Nós, do Fórum Moçambicano das Mulheres Rurais representamos camponesas, pequenas produtoras, praticantes de comércio informal, pesca artesanal, olaria, raparigas, paralegais, apicultoras de todo o país reunidas nos dias 5 e 6 de agosto de 2014.
Considerando que cerca de 80% da população moçambicana vivem nas zonas rurais, e destes, 58% são mulheres que encontram na terra a fonte do sustento familiar (REPÚBLICA DE MOÇAMBIQUE, INE, 2017).
Endereçamos ao Governo, aos parceiros e à sociedade, as seguintes demandas:
- A paz é um bem precioso, o qual devemos preservar como um direito colectivo de mulheres, de homens e de crianças, inalienável e inegociável, pelo que apelamos à manutenção da paz, da convivência saudável, da comunicação e do diálogo transformativo.
- O nosso bem-estar e a nossa autonomia estão ligadas ao acesso à terra e aos recursos que a natureza nos disponibiliza para viver, pelo que queremos ser incluídas na discussão e na tomada de decisão sobre o uso da terra e dos recursos naturais em Moçambique, para investimentos de pequena, média e grande escala.
- Que as iniciativas de promoção da agricultura em Moçambique contemplem a potencialização da prática agrícola pelas mulheres, valorizando o nosso conhecimento, as nossas tecnologias e experiências, privilegiando a agro-ecologia e as demandas nutricionais das famílias moçambicanas.
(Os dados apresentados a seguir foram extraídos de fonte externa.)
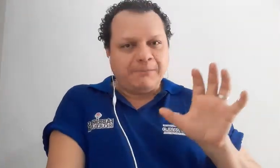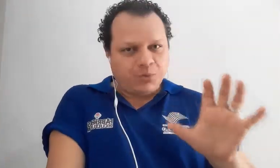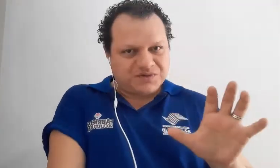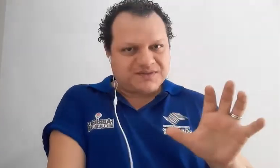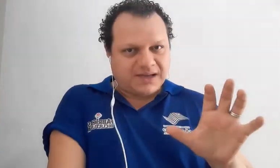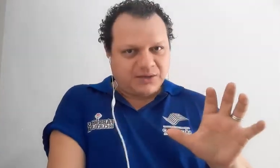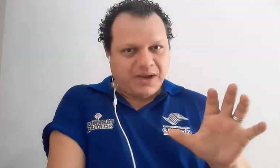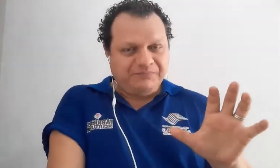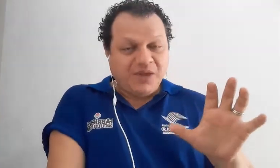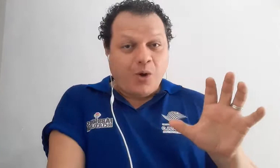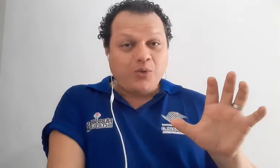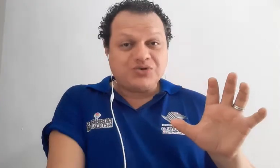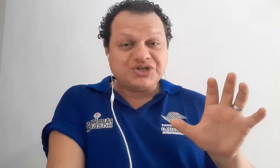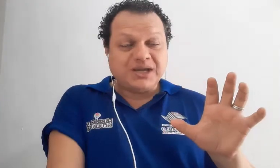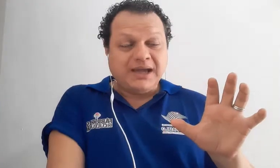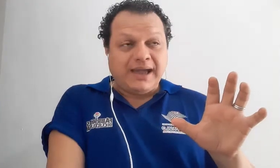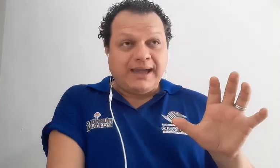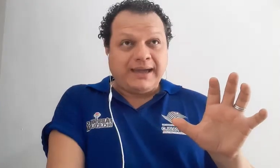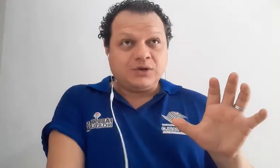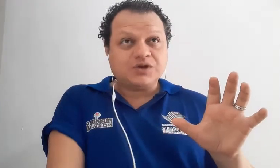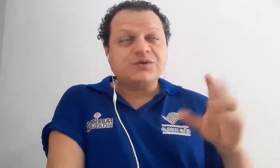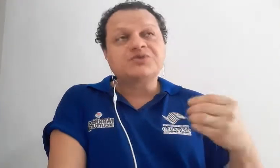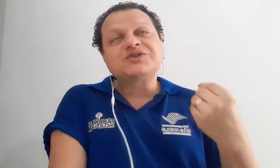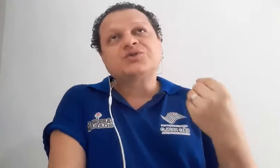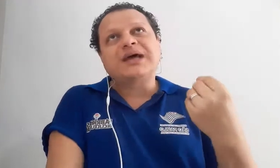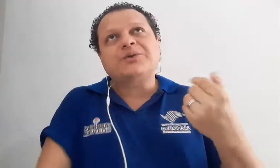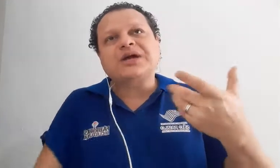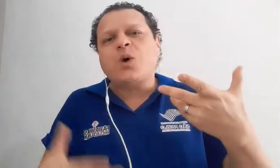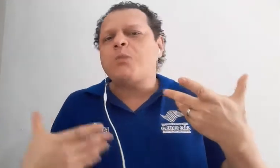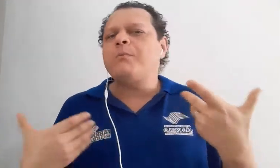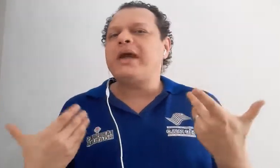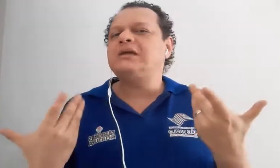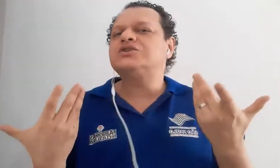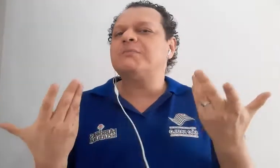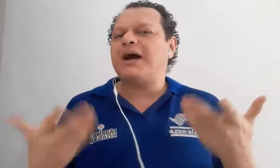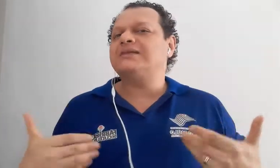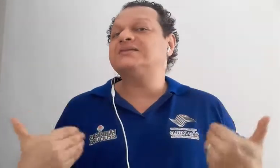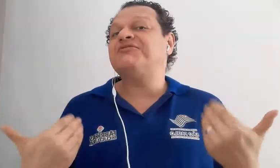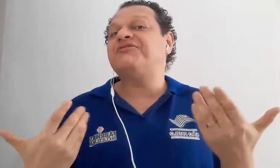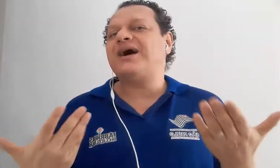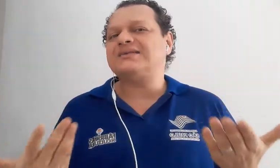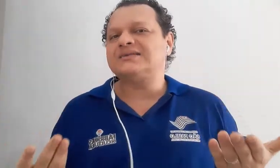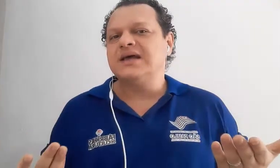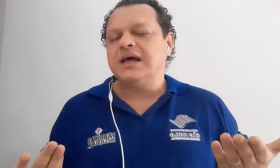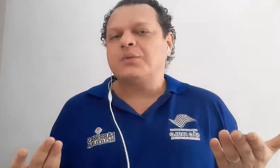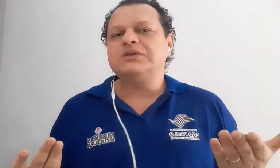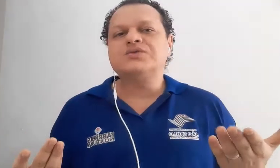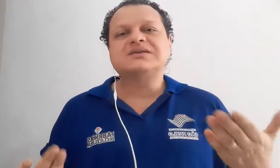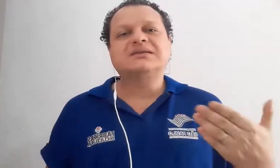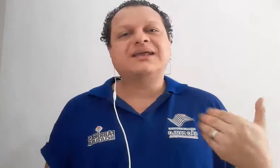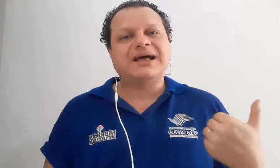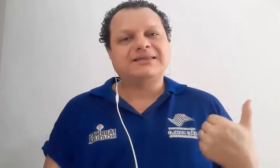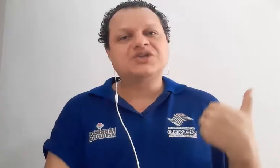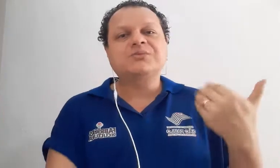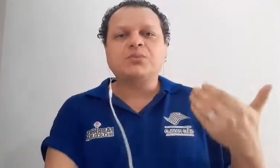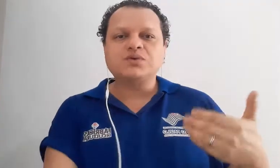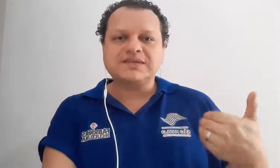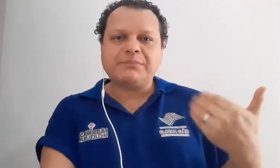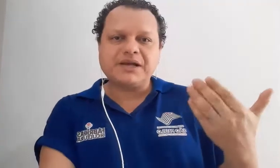música, não é? Onde nós vamos estudar o que comumente mais se faz quando se trata de música para

- Que as políticas de desenvolvimento privilegiem a construção de infraestruturas rurais resistentes aos desastres naturais e uma massificação das tecnologias de prevenção e de alerta de desastres.
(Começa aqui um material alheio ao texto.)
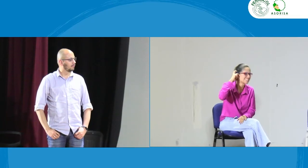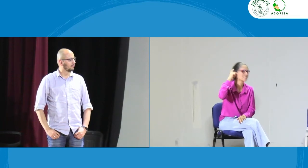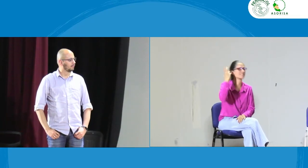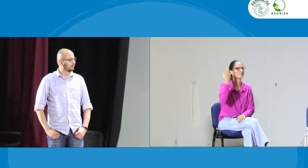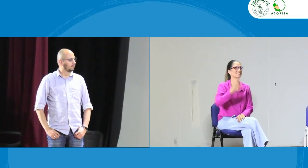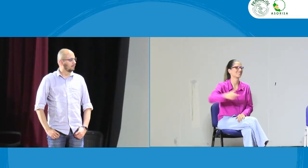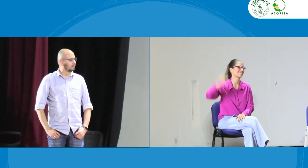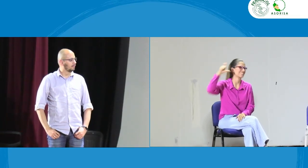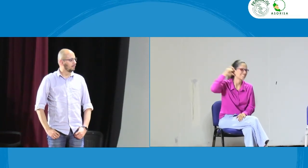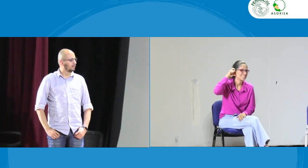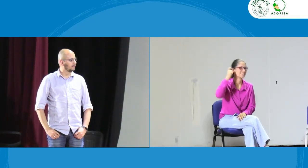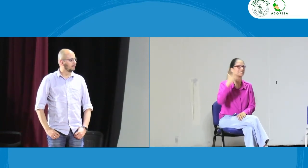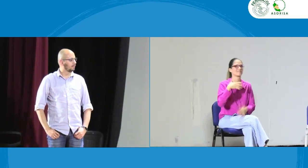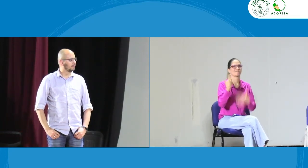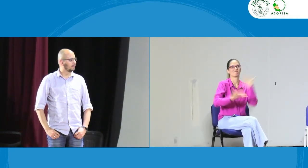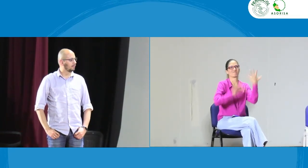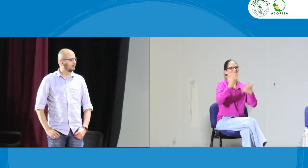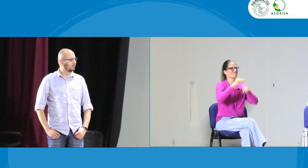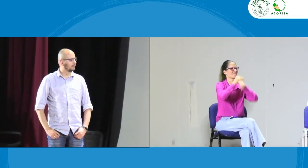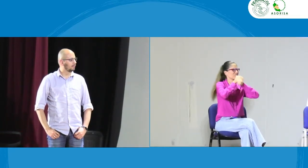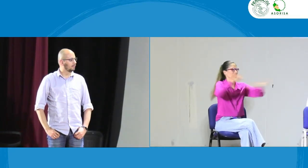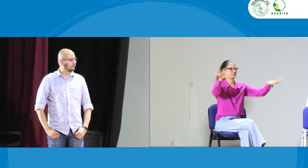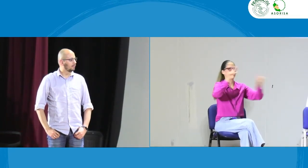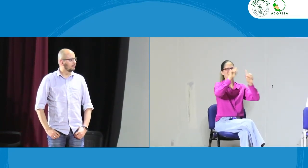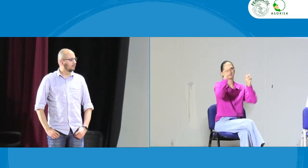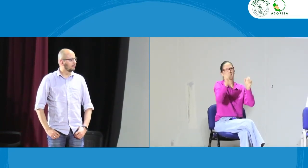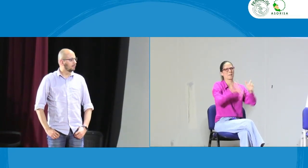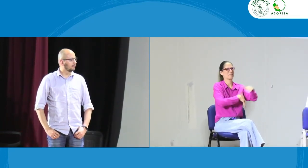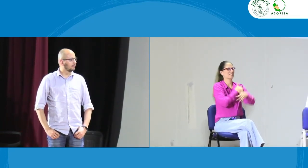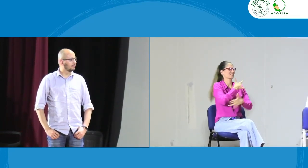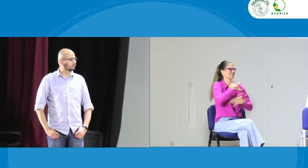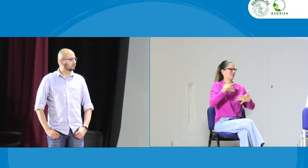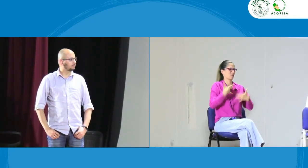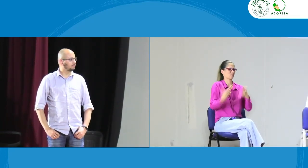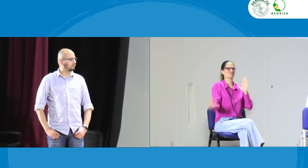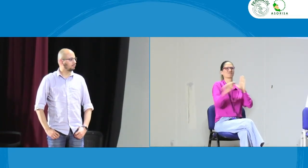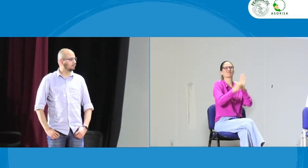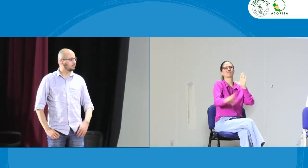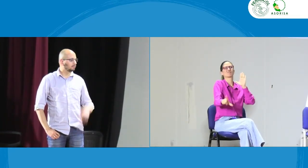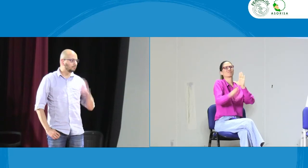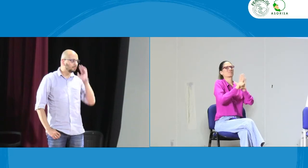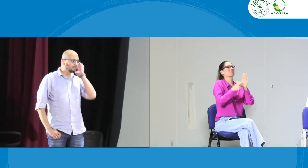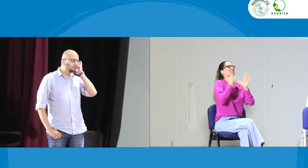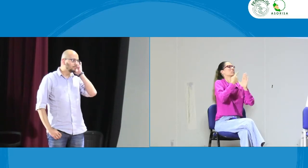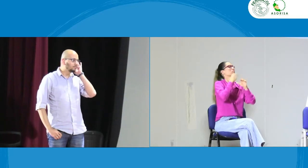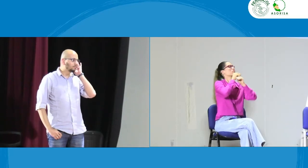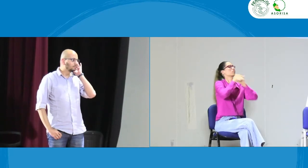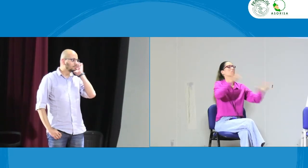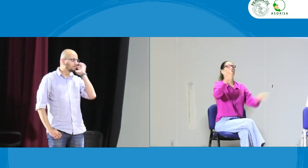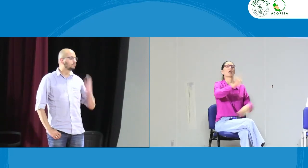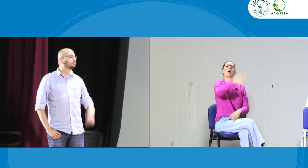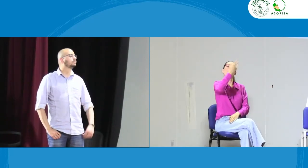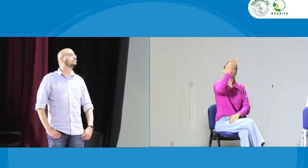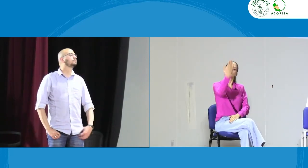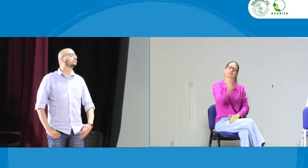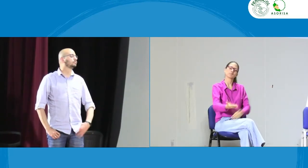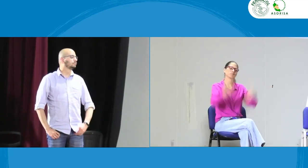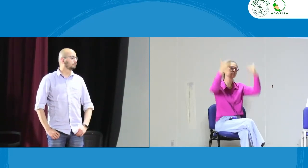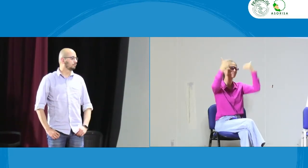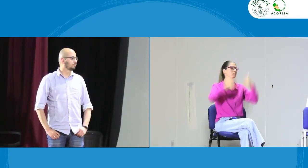es difícil ese tema de las prótesis auditivas, del implante coclear. Sabemos que

- Como maiores usuárias da terra, queremos ter maior controlo sobre este recurso, através da obtenção do Direito de Uso e Aproveitamento da Terra, em nome das mulheres viúvas, mães solteiras e mulheres chefes de família, com menos burocracia e custos acessíveis e ajustados à nossa realidade, de modo a que o Direito à Propriedade e à Herança seja uma realidade para as mulheres moçambicanas.
- Demandamos mais esforços para reduzir o índice de analfabetismo, para reduzir o índice de casamentos prematuros, de gravidezes precoces e de mortalidade materno-infantil que afecta, com maior extensão, as mulheres e as raparigas do meio rural.
- Conforme os compromissos nacionais e internacionais assumidos pelo Estado Moçambicano, queremos participação igualitária de mulheres e de homens nos postos de tomada de decisão, a nível nacional, provincial e local. Queremos que as mulheres que ocupam lugares nos órgãos de tomada de decisão, desde o nível local, distrital, provincial até ao central, se reconheçam como protagonistas das questões ligadas à vida das mulheres moçambicanas.
Pelos direitos das Mulheres Rurais seguiremos marchando até que todas sejamos livres!